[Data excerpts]
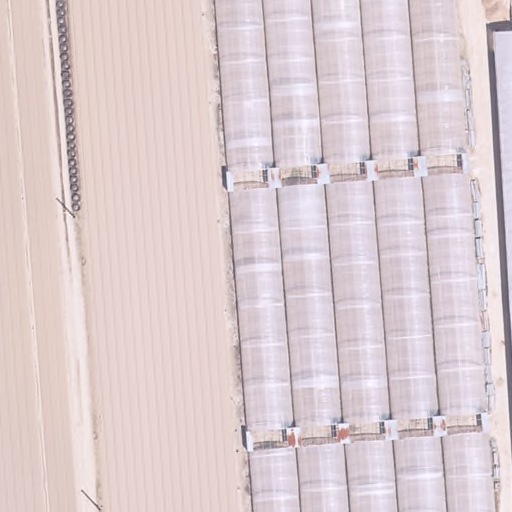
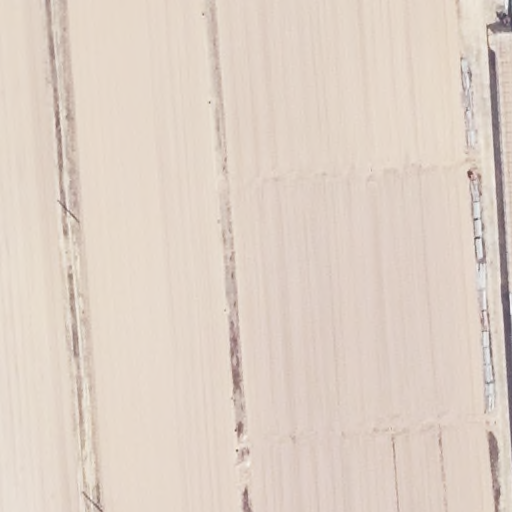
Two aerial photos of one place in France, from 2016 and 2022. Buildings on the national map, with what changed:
demolished [(487,30),(512,354),(512,512),(258,512),(220,0),(456,0),(458,31),(487,30)]
unchanged [(487,30),(512,28),(512,354),(487,30)]

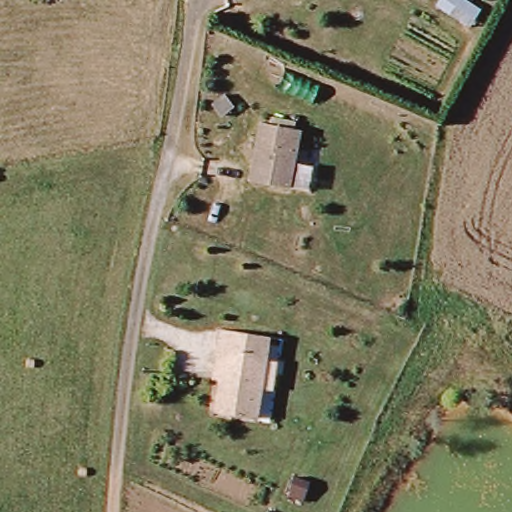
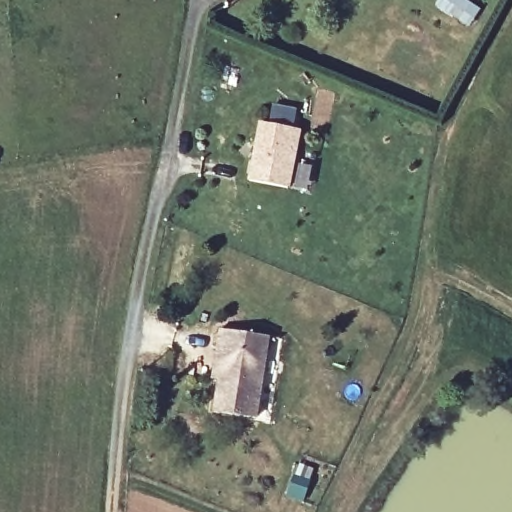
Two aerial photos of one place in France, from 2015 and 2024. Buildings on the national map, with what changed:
unchanged [(292,190),(254,182),(264,124),(302,131),(292,190)]
unchanged [(273,334),(263,416),(220,410),(225,377),(217,376),(222,343),(224,326),(273,334)]

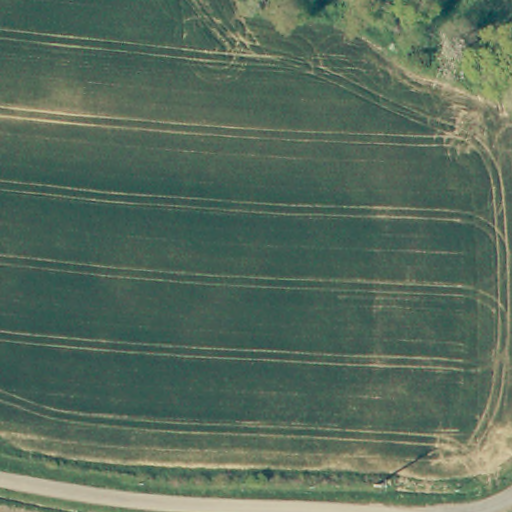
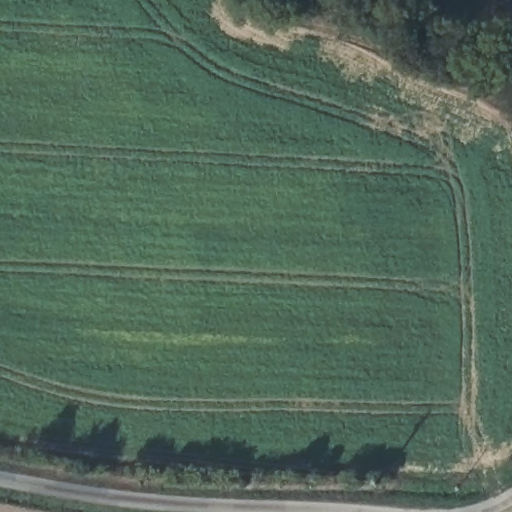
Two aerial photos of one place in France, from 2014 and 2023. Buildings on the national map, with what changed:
[]

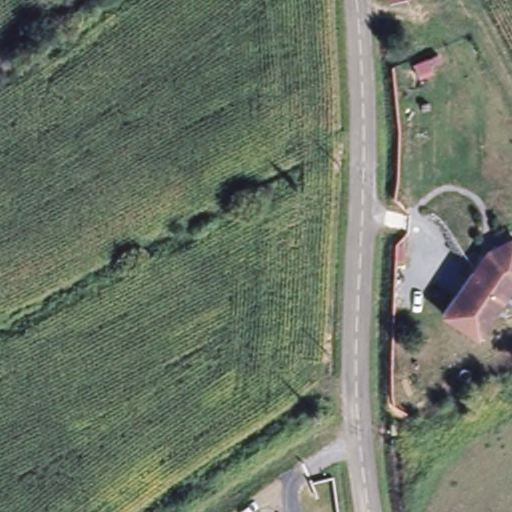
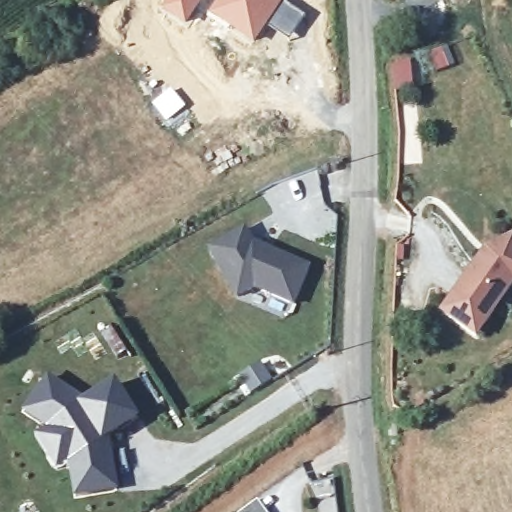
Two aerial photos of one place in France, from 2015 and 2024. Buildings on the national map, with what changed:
new [(161,9),(167,0),(206,0),(186,26),(161,9)]
new [(268,26),(254,45),(209,12),(216,2),(212,0),(284,0),(286,1),(307,17),(290,40),(268,26)]
unchanged [(383,0),(397,0),(384,4),(383,0)]
new [(411,57),(414,88),(392,90),(389,59),(411,57)]
new [(171,89),(187,107),(167,123),(152,105),(171,89)]
new [(256,291),(238,297),(210,248),(246,227),(254,242),(312,266),(295,307),(256,291)]
unchanged [(469,342),(437,316),(485,255),(511,244),(512,247),(512,287),(469,342)]
new [(262,365),(272,380),(252,393),(242,378),(262,365)]
new [(76,497),(70,462),(56,470),(36,436),(47,428),(23,412),(49,375),(89,399),(120,381),(144,417),(113,439),(120,489),(76,497)]

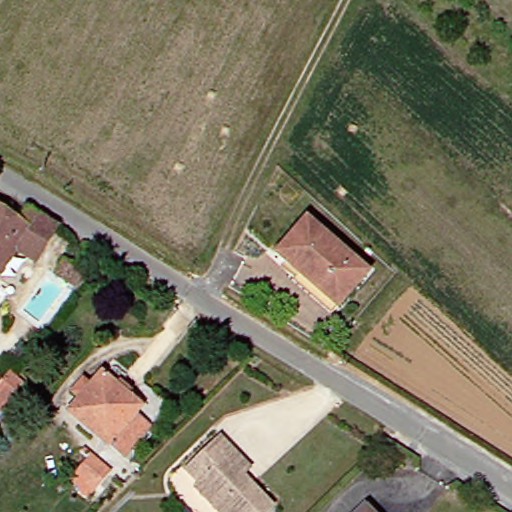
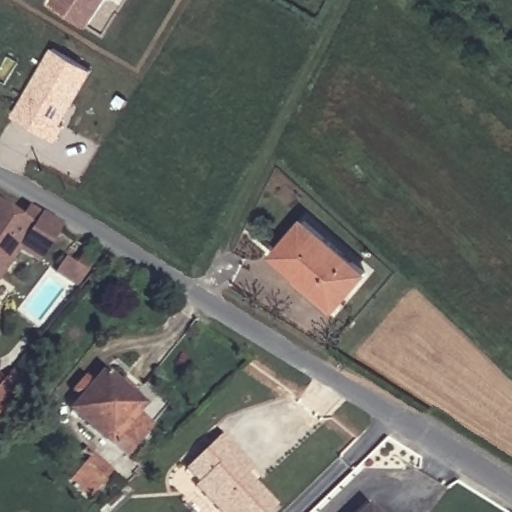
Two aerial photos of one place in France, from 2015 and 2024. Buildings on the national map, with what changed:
new [(87,27),(50,4),(53,0),(105,0),(87,27)]
new [(61,123),(65,125),(55,141),(14,115),(53,46),(93,70),(61,123)]
unchanged [(0,204),(23,220),(37,230),(21,252),(0,284),(0,204)]
unchanged [(37,230),(23,220),(31,207),(63,226),(40,264),(21,252),(37,230)]
unchanged [(298,280),(301,275),(278,254),(306,221),(366,273),(338,306),(333,311),(298,280)]
unchanged [(49,275),(60,259),(69,265),(83,245),(95,253),(70,288),(49,275)]
unchanged [(0,409),(0,384),(10,371),(23,382),(0,409)]
unchanged [(138,415),(154,428),(128,458),(75,412),(85,400),(76,392),(88,380),(96,387),(106,375),(144,408),(138,415)]
unchanged [(223,512),(199,488),(203,485),(190,471),(224,437),(238,451),(256,470),(249,476),(279,507),(275,512),(223,512)]
unchanged [(83,489),(70,479),(90,455),(111,472),(97,491),(92,496),(83,489)]
unchanged [(379,512),(370,512),(374,507),(379,512)]

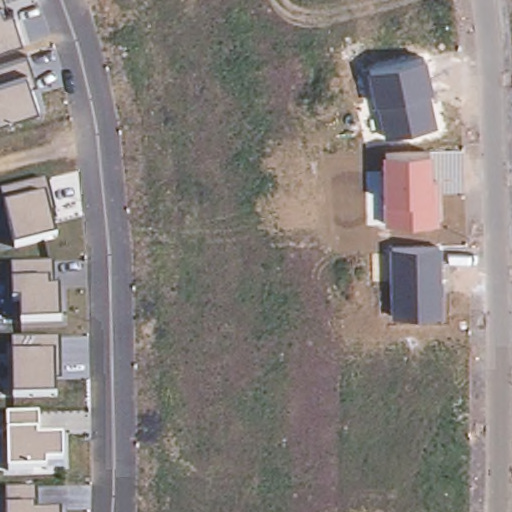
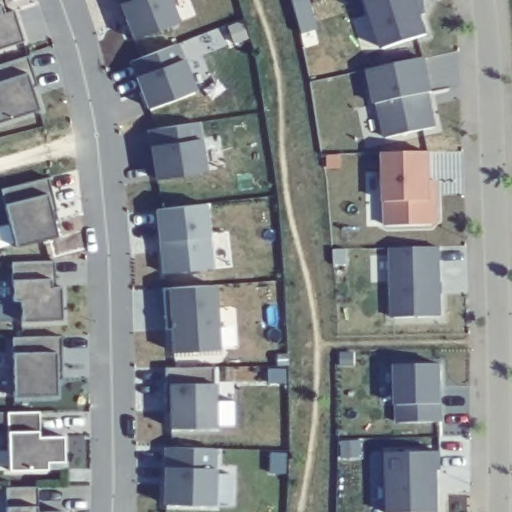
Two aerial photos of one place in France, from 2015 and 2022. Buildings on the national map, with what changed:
unchanged [(8,11),(14,9),(23,39),(0,47),(0,0),(5,0),(8,11)]
new [(116,0),(168,0),(177,25),(132,42),(124,23),(119,8),(116,0)]
unchanged [(419,20),(426,40),(382,53),(366,0),(420,0),(421,2),(426,18),(419,20)]
new [(129,64),(175,47),(193,94),(147,111),(141,94),(136,81),(129,64)]
unchanged [(378,103),(374,104),(368,70),(426,57),(434,92),(430,92),(437,126),(385,137),(378,103)]
unchanged [(24,60),(30,80),(39,113),(0,123),(0,66),(24,60)]
new [(148,133),(196,126),(203,175),(155,183),(152,165),(150,150),(148,133)]
unchanged [(384,201),(383,152),(431,150),(432,180),(438,180),(439,223),(384,225),(384,201)]
unchanged [(48,178),(58,219),(52,219),(57,238),(14,246),(7,206),(3,189),(48,178)]
new [(155,213),(203,208),(209,272),(162,276),(159,255),(158,245),(155,213)]
unchanged [(390,247),(391,247),(442,246),(444,316),(392,316),(390,247)]
unchanged [(50,260),(51,279),(51,287),(59,288),(59,322),(20,320),(20,300),(11,300),(11,281),(11,262),(50,260)]
new [(173,353),(171,327),(164,326),(162,289),(169,288),(218,286),(221,349),(173,353)]
unchanged [(60,336),(61,377),(55,376),(55,398),(13,395),(13,355),(13,337),(60,336)]
new [(398,408),(397,365),(443,364),(443,404),(444,423),(399,422),(398,408)]
new [(170,411),(166,411),(166,367),(215,367),(216,383),(217,428),(170,429),(170,411)]
unchanged [(38,412),(39,432),(39,437),(63,435),(64,463),(46,465),(46,471),(8,471),(7,434),(8,413),(38,412)]
new [(162,471),(163,451),(211,452),(209,509),(161,507),(161,487),(162,471)]
new [(443,451),(444,473),(439,473),(439,512),(389,512),(389,452),(443,451)]
unchanged [(35,507),(35,512),(7,512),(7,509),(6,488),(36,486),(35,507)]

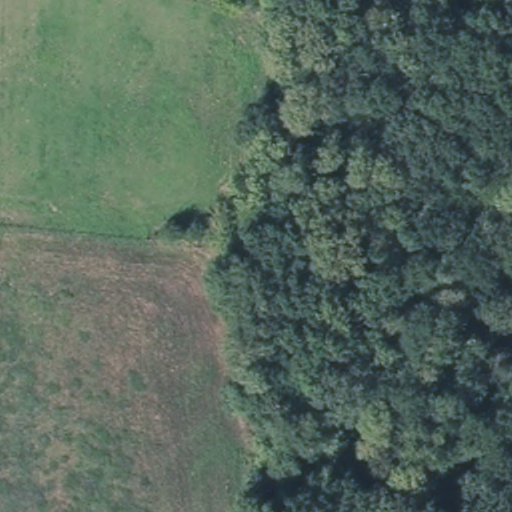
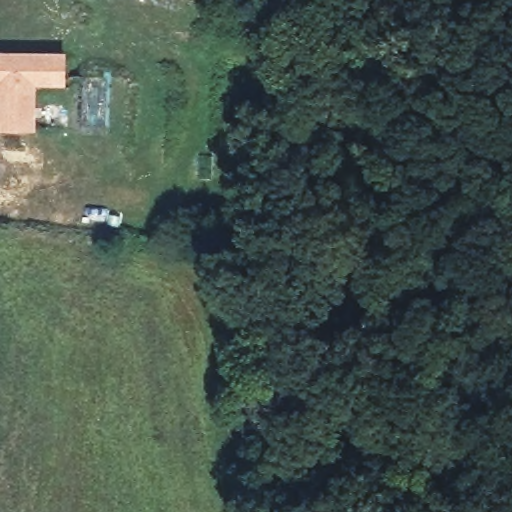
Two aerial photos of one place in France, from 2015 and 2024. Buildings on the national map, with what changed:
new [(66,86),(36,86),(36,131),(0,132),(0,50),(68,51),(66,86)]

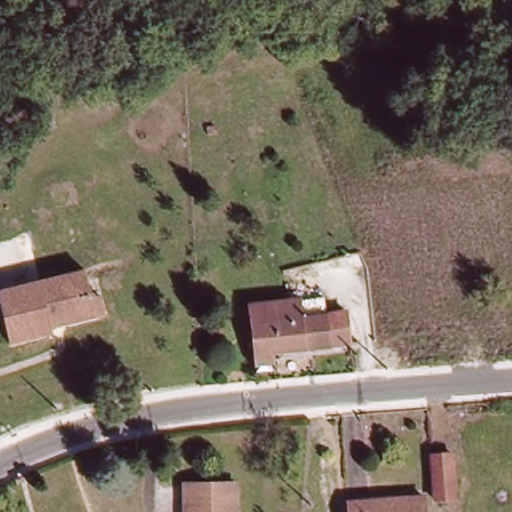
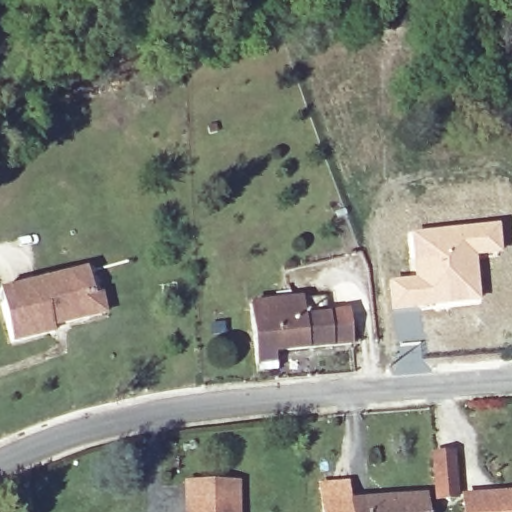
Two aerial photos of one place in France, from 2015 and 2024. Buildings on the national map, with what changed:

• [WHAT IS BEING ASKED]: Omit the pictures, then give all the lines above again exactly.

• [SOLUTION TO THE EXERCISE]:
Two aerial photos of one place in France, from 2016 and 2022. Buildings on the national map, with what changed:
demolished [(487,30),(512,354),(512,512),(258,512),(220,0),(456,0),(458,31),(487,30)]
unchanged [(487,30),(512,28),(512,354),(487,30)]

Two aerial photos of one place in France, from 2015 and 2024. Buildings on the national map, with what changed:
unchanged [(292,190),(254,182),(264,124),(302,131),(292,190)]
unchanged [(273,334),(263,416),(220,410),(225,377),(217,376),(222,343),(224,326),(273,334)]

Two aerial photos of one place in France, from 2014 and 2023. Buildings on the national map, with what changed:
[]

Two aerial photos of one place in France, from 2015 and 2024. Buildings on the national map, with what changed:
new [(161,9),(167,0),(206,0),(186,26),(161,9)]
new [(268,26),(254,45),(209,12),(216,2),(212,0),(284,0),(286,1),(307,17),(290,40),(268,26)]
unchanged [(383,0),(397,0),(384,4),(383,0)]
new [(411,57),(414,88),(392,90),(389,59),(411,57)]
new [(171,89),(187,107),(167,123),(152,105),(171,89)]
new [(256,291),(238,297),(210,248),(246,227),(254,242),(312,266),(295,307),(256,291)]
unchanged [(469,342),(437,316),(485,255),(511,244),(512,247),(512,287),(469,342)]
new [(262,365),(272,380),(252,393),(242,378),(262,365)]
new [(76,497),(70,462),(56,470),(36,436),(47,428),(23,412),(49,375),(89,399),(120,381),(144,417),(113,439),(120,489),(76,497)]

Two aerial photos of one place in France, from 2015 and 2024. Buildings on the national map, with what changed:
new [(87,27),(50,4),(53,0),(105,0),(87,27)]
new [(61,123),(65,125),(55,141),(14,115),(53,46),(93,70),(61,123)]
unchanged [(0,204),(23,220),(37,230),(21,252),(0,284),(0,204)]
unchanged [(37,230),(23,220),(31,207),(63,226),(40,264),(21,252),(37,230)]
unchanged [(298,280),(301,275),(278,254),(306,221),(366,273),(338,306),(333,311),(298,280)]
unchanged [(49,275),(60,259),(69,265),(83,245),(95,253),(70,288),(49,275)]
unchanged [(0,409),(0,384),(10,371),(23,382),(0,409)]
unchanged [(138,415),(154,428),(128,458),(75,412),(85,400),(76,392),(88,380),(96,387),(106,375),(144,408),(138,415)]
unchanged [(223,512),(199,488),(203,485),(190,471),(224,437),(238,451),(256,470),(249,476),(279,507),(275,512),(223,512)]
unchanged [(83,489),(70,479),(90,455),(111,472),(97,491),(92,496),(83,489)]
unchanged [(379,512),(370,512),(374,507),(379,512)]

Two aerial photos of one place in France, from 2015 and 2022. Buildings on the national map, with what changed:
unchanged [(8,11),(14,9),(23,39),(0,47),(0,0),(5,0),(8,11)]
new [(116,0),(168,0),(177,25),(132,42),(124,23),(119,8),(116,0)]
unchanged [(419,20),(426,40),(382,53),(366,0),(420,0),(421,2),(426,18),(419,20)]
new [(129,64),(175,47),(193,94),(147,111),(141,94),(136,81),(129,64)]
unchanged [(378,103),(374,104),(368,70),(426,57),(434,92),(430,92),(437,126),(385,137),(378,103)]
unchanged [(24,60),(30,80),(39,113),(0,123),(0,66),(24,60)]
new [(148,133),(196,126),(203,175),(155,183),(152,165),(150,150),(148,133)]
unchanged [(384,201),(383,152),(431,150),(432,180),(438,180),(439,223),(384,225),(384,201)]
unchanged [(48,178),(58,219),(52,219),(57,238),(14,246),(7,206),(3,189),(48,178)]
new [(155,213),(203,208),(209,272),(162,276),(159,255),(158,245),(155,213)]
unchanged [(390,247),(391,247),(442,246),(444,316),(392,316),(390,247)]
unchanged [(50,260),(51,279),(51,287),(59,288),(59,322),(20,320),(20,300),(11,300),(11,281),(11,262),(50,260)]
new [(173,353),(171,327),(164,326),(162,289),(169,288),(218,286),(221,349),(173,353)]
unchanged [(60,336),(61,377),(55,376),(55,398),(13,395),(13,355),(13,337),(60,336)]
new [(398,408),(397,365),(443,364),(443,404),(444,423),(399,422),(398,408)]
new [(170,411),(166,411),(166,367),(215,367),(216,383),(217,428),(170,429),(170,411)]
unchanged [(38,412),(39,432),(39,437),(63,435),(64,463),(46,465),(46,471),(8,471),(7,434),(8,413),(38,412)]
new [(162,471),(163,451),(211,452),(209,509),(161,507),(161,487),(162,471)]
new [(443,451),(444,473),(439,473),(439,512),(389,512),(389,452),(443,451)]
unchanged [(35,507),(35,512),(7,512),(7,509),(6,488),(36,486),(35,507)]

Two aerial photos of one place in France, from 2015 and 2024. Buildings on the national map, with what changed:
new [(66,86),(36,86),(36,131),(0,132),(0,50),(68,51),(66,86)]

Two aerial photos of one place in France, from 2015 and 2024. Buildings on the national map, with what changed:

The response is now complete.